[Opening Data for the task section]
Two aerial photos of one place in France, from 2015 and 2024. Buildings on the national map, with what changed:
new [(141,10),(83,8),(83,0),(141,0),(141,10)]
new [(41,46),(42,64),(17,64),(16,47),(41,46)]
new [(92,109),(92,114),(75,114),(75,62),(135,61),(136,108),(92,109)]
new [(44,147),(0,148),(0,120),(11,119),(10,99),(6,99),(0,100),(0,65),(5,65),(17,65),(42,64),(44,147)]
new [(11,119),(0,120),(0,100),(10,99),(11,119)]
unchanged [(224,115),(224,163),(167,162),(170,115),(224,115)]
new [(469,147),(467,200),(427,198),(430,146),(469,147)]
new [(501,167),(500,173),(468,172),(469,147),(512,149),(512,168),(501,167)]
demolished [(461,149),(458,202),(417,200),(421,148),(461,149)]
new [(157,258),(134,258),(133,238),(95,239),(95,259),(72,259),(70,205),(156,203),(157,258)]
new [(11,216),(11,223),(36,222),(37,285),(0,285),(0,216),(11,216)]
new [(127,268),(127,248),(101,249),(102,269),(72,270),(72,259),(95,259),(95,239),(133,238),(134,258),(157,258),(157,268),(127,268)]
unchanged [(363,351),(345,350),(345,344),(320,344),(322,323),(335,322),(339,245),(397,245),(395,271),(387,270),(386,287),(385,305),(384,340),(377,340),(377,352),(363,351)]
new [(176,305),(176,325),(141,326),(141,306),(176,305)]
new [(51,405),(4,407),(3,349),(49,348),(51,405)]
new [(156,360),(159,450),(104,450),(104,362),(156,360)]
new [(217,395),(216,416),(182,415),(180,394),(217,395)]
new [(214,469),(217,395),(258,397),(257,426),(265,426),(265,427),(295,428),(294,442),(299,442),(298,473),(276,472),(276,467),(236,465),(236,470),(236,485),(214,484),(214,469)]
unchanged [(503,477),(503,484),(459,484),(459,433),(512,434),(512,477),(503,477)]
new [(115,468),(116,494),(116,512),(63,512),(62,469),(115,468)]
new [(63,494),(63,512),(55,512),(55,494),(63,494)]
[Closing Data for the task section]
-- Action item --
Using the entries above, determine how many lines include the string "unchanged" and write only that number.

-- Solution --
3